Lecture 16

Model Implementation & Workflow

Unit Example

Can we predict if a plot of land is forested? - Interested in classification models - We have a dataset of 7,107 6000-acre hexagons in Washington state. - Each hexagon has a nominal outcome, forested, with levels "Yes" and "No".

Data on forests in Washington

  • The U.S. Forest Service maintains ML models to predict whether a plot of land is “forested.”
  • This classification is important for all sorts of research, legislation, and land management purposes.
  • Plots are typically remeasured every 10 years and this dataset contains the most recent measurement per plot.
  • Type ?forested to learn more about this dataset, including references.

Data on forests in Washington

library(tidymodels)
library(forested)
dim(forested)
#> [1] 7107   19
  • One observation from each of 7,107 6000-acre hexagons in Washington state.

  • A nominal outcome, forested, with levels "Yes" and "No", measured “on-the-ground.”

table(forested$forested)
#> 
#>  Yes   No 
#> 3894 3213
  • 18 remotely-sensed and easily-accessible predictors:
names(forested)
#>  [1] "forested"         "year"             "elevation"        "eastness"        
#>  [5] "northness"        "roughness"        "tree_no_tree"     "dew_temp"        
#>  [9] "precip_annual"    "temp_annual_mean" "temp_annual_min"  "temp_annual_max" 
#> [13] "temp_january_min" "vapor_min"        "vapor_max"        "canopy_cover"    
#> [17] "lon"              "lat"              "land_type"

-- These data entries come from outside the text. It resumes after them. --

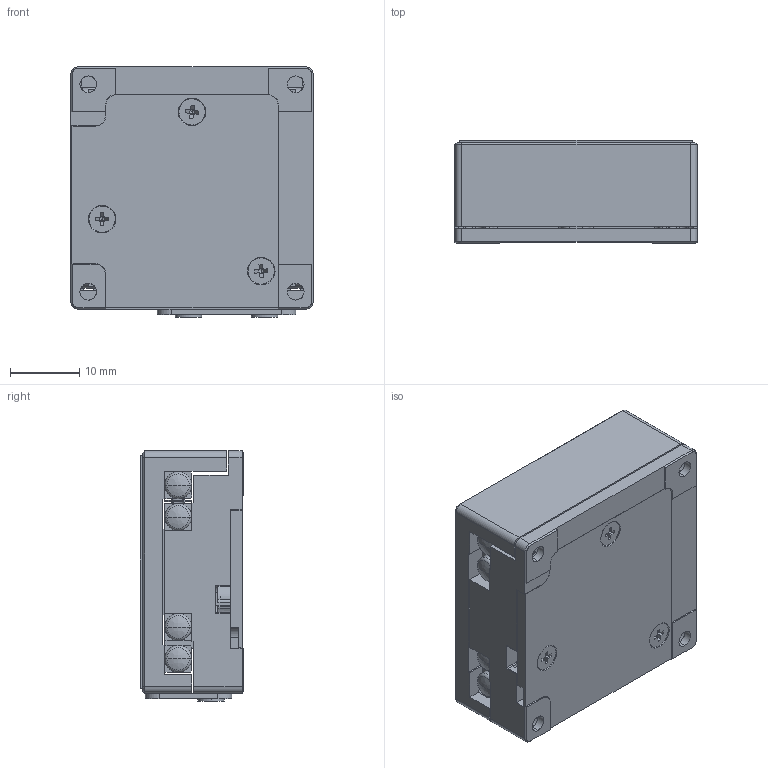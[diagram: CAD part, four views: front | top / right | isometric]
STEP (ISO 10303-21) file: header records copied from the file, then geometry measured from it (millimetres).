
FILE_DESCRIPTION (( 'STEP AP203' ), '1' );
FILE_NAME ('527470.STEP', '2025-04-10T03:05:11', ( 'Windows User' ), ( 'P R C' ), 'SwSTEP 2.0', 'SolidWorks 2020', '' );
FILE_SCHEMA (( 'CONFIG_CONTROL_DESIGN' ));
Length unit declared in the file: millimetre
Products named in the file (13): countersunk flat head cross recess screw_din_DIN EN ISO 7046-1 - M2 x 3 - Z - 3N.STEP; ____-LS-0310-V3-20250108_2-0.STEP; ____ _VR1-30_GUIDE^____ VR1_30H_2.STEP; 527450-527470.STEP; ____ _VR1-30_CAGE^____ VR1_30H_2.STEP; ____ 0.8__3.5__0.95_______2.STEP; ____-LS-0310-V3-20250108_2-1.STEP; ____ _VR1-30_GUIDE__TOP^____ VR1_30H_2.STEP; socket head cap screw_din_DIN 912 M2 x 3 --- 3N.STEP; 527470; ____ DJP-20_2.STEP; ____-LS-0310-V3-20250108_2.STEP; ____ VR1_30H_2.STEP
Assembly tree (23 placements, depth 4):
  527470
    527450-527470.STEP
      ____ VR1_30H_2.STEP  x2
        ____ _VR1-30_GUIDE^____ VR1_30H_2.STEP
        ____ _VR1-30_CAGE^____ VR1_30H_2.STEP
        ____ _VR1-30_GUIDE__TOP^____ VR1_30H_2.STEP
      ____-LS-0310-V3-20250108_2.STEP
      ____-LS-0310-V3-20250108_2-0.STEP
      ____-LS-0310-V3-20250108_2-1.STEP
      ____ 0.8__3.5__0.95_______2.STEP
      ____ DJP-20_2.STEP
      socket head cap screw_din_DIN 912 M2 x 3 --- 3N.STEP  x6
      countersunk flat head cross recess screw_din_DIN EN ISO 7046-1 - M2 x 3 - Z - 3N.STEP  x6
Bounding box: 35 x 14.9 x 36.15 mm (x, y, z)
Volume: 16654.2 mm3; surface area: 15391.2 mm2
Topology: 23 solids, 23 shells, 1306 faces, 3312 edges, 2036 vertices
Faces by surface type: plane 674, cylinder 330, cone 234, torus 52, bspline 16
Entity records: 26375 total; most frequent: CARTESIAN_POINT 5897, ORIENTED_EDGE 3948, DIRECTION 3879, EDGE_CURVE 1974, AXIS2_PLACEMENT_3D 1313, VERTEX_POINT 1261, VECTOR 1253, LINE 1253
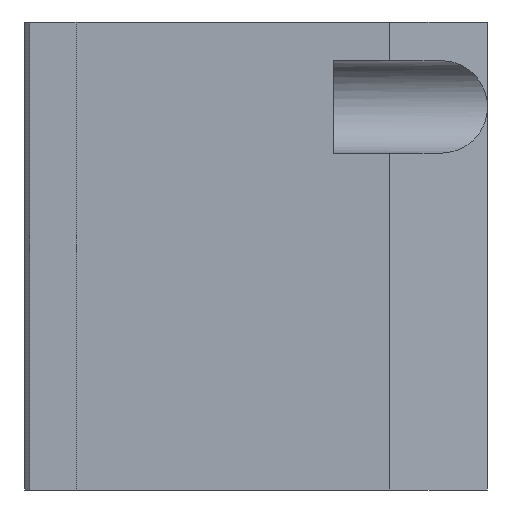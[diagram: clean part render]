
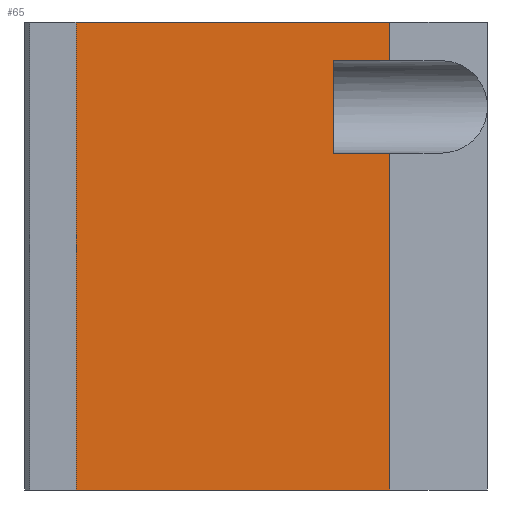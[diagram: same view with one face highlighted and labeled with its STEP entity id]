
A CAD part, left-side view. The second image highlights one B-rep face of the part: STEP entity #65.
In plain terms, the highlighted planar face has unit normal (-1, 0, 0).
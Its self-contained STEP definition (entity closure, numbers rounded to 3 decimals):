
#65 = ADVANCED_FACE( '', ( #162 ), #163, .F. );
#162 = FACE_OUTER_BOUND( '', #311, .T. );
#163 = PLANE( '', #312 );
#311 = EDGE_LOOP( '', ( #456, #457, #458, #459, #460, #461, #462, #463 ) );
#312 = AXIS2_PLACEMENT_3D( '', #464, #465, #466 );
#456 = ORIENTED_EDGE( '', *, *, #769, .F. );
#457 = ORIENTED_EDGE( '', *, *, #770, .F. );
#458 = ORIENTED_EDGE( '', *, *, #771, .F. );
#459 = ORIENTED_EDGE( '', *, *, #772, .T. );
#460 = ORIENTED_EDGE( '', *, *, #773, .T. );
#461 = ORIENTED_EDGE( '', *, *, #774, .F. );
#462 = ORIENTED_EDGE( '', *, *, #775, .F. );
#463 = ORIENTED_EDGE( '', *, *, #776, .T. );
#464 = CARTESIAN_POINT( '', ( -53., 80., 91. ) );
#465 = DIRECTION( '', ( 1., 0., 0. ) );
#466 = DIRECTION( '', ( 0., 0., -1. ) );
#769 = EDGE_CURVE( '', #890, #891, #892, .T. );
#770 = EDGE_CURVE( '', #893, #890, #894, .T. );
#771 = EDGE_CURVE( '', #895, #893, #896, .T. );
#772 = EDGE_CURVE( '', #895, #897, #898, .T. );
#773 = EDGE_CURVE( '', #897, #899, #900, .T. );
#774 = EDGE_CURVE( '', #901, #899, #902, .T. );
#775 = EDGE_CURVE( '', #903, #901, #904, .T. );
#776 = EDGE_CURVE( '', #903, #891, #905, .T. );
#890 = VERTEX_POINT( '', #1069 );
#891 = VERTEX_POINT( '', #1070 );
#892 = LINE( '', #1071, #1072 );
#893 = VERTEX_POINT( '', #1073 );
#894 = LINE( '', #1074, #1075 );
#895 = VERTEX_POINT( '', #1076 );
#896 = LINE( '', #1077, #1078 );
#897 = VERTEX_POINT( '', #1079 );
#898 = LINE( '', #1080, #1081 );
#899 = VERTEX_POINT( '', #1082 );
#900 = LINE( '', #1083, #1084 );
#901 = VERTEX_POINT( '', #1085 );
#902 = LINE( '', #1086, #1087 );
#903 = VERTEX_POINT( '', #1088 );
#904 = LINE( '', #1089, #1090 );
#905 = LINE( '', #1091, #1092 );
#1069 = CARTESIAN_POINT( '', ( -53., 19., 83.5 ) );
#1070 = CARTESIAN_POINT( '', ( -53., 30., 83.5 ) );
#1071 = CARTESIAN_POINT( '', ( -53., 80., 83.5 ) );
#1072 = VECTOR( '', #1357, 1000. );
#1073 = CARTESIAN_POINT( '', ( -53., 19., 91. ) );
#1074 = CARTESIAN_POINT( '', ( -53., 19., 91. ) );
#1075 = VECTOR( '', #1358, 1000. );
#1076 = CARTESIAN_POINT( '', ( -53., 80., 91. ) );
#1077 = CARTESIAN_POINT( '', ( -53., 80., 91. ) );
#1078 = VECTOR( '', #1359, 1000. );
#1079 = CARTESIAN_POINT( '', ( -53., 80., 0. ) );
#1080 = CARTESIAN_POINT( '', ( -53., 80., 91. ) );
#1081 = VECTOR( '', #1360, 1000. );
#1082 = CARTESIAN_POINT( '', ( -53., 19., 0. ) );
#1083 = CARTESIAN_POINT( '', ( -53., 80., 0. ) );
#1084 = VECTOR( '', #1361, 1000. );
#1085 = CARTESIAN_POINT( '', ( -53., 19., 65.5 ) );
#1086 = CARTESIAN_POINT( '', ( -53., 19., 91. ) );
#1087 = VECTOR( '', #1362, 1000. );
#1088 = CARTESIAN_POINT( '', ( -53., 30., 65.5 ) );
#1089 = CARTESIAN_POINT( '', ( -53., 80., 65.5 ) );
#1090 = VECTOR( '', #1363, 1000. );
#1091 = CARTESIAN_POINT( '', ( -53., 30., 91. ) );
#1092 = VECTOR( '', #1364, 1000. );
#1357 = DIRECTION( '', ( 0., 1., 0. ) );
#1358 = DIRECTION( '', ( 0., 0., -1. ) );
#1359 = DIRECTION( '', ( 0., -1., 0. ) );
#1360 = DIRECTION( '', ( 0., 0., -1. ) );
#1361 = DIRECTION( '', ( 0., -1., 0. ) );
#1362 = DIRECTION( '', ( 0., 0., -1. ) );
#1363 = DIRECTION( '', ( 0., -1., 0. ) );
#1364 = DIRECTION( '', ( 0., 0., 1. ) );

Data splitting and spending

The initial split

set.seed(123)
forested_split <- initial_split(forested, prop = .8, strata = tree_no_tree)
forested_split
#> <Training/Testing/Total>
#> <5685/1422/7107>

Accessing the data

forested_train <- training(forested_split)
forested_test  <- testing(forested_split)

nrow(forested_train)
#> [1] 5685
nrow(forested_test)
#> [1] 1422

K-Fold Cross-Validation

# Load the dataset
set.seed(123)

# Create a 10-fold cross-validation object
(forested_folds <- vfold_cv(forested_train, v = 10))
#> #  10-fold cross-validation 
#> # A tibble: 10 × 2
#>    splits             id    
#>    <list>             <chr> 
#>  1 <split [5116/569]> Fold01
#>  2 <split [5116/569]> Fold02
#>  3 <split [5116/569]> Fold03
#>  4 <split [5116/569]> Fold04
#>  5 <split [5116/569]> Fold05
#>  6 <split [5117/568]> Fold06
#>  7 <split [5117/568]> Fold07
#>  8 <split [5117/568]> Fold08
#>  9 <split [5117/568]> Fold09
#> 10 <split [5117/568]> Fold10

How do you fit a linear model in R?

  • lm for linear model <– The one we have looked at!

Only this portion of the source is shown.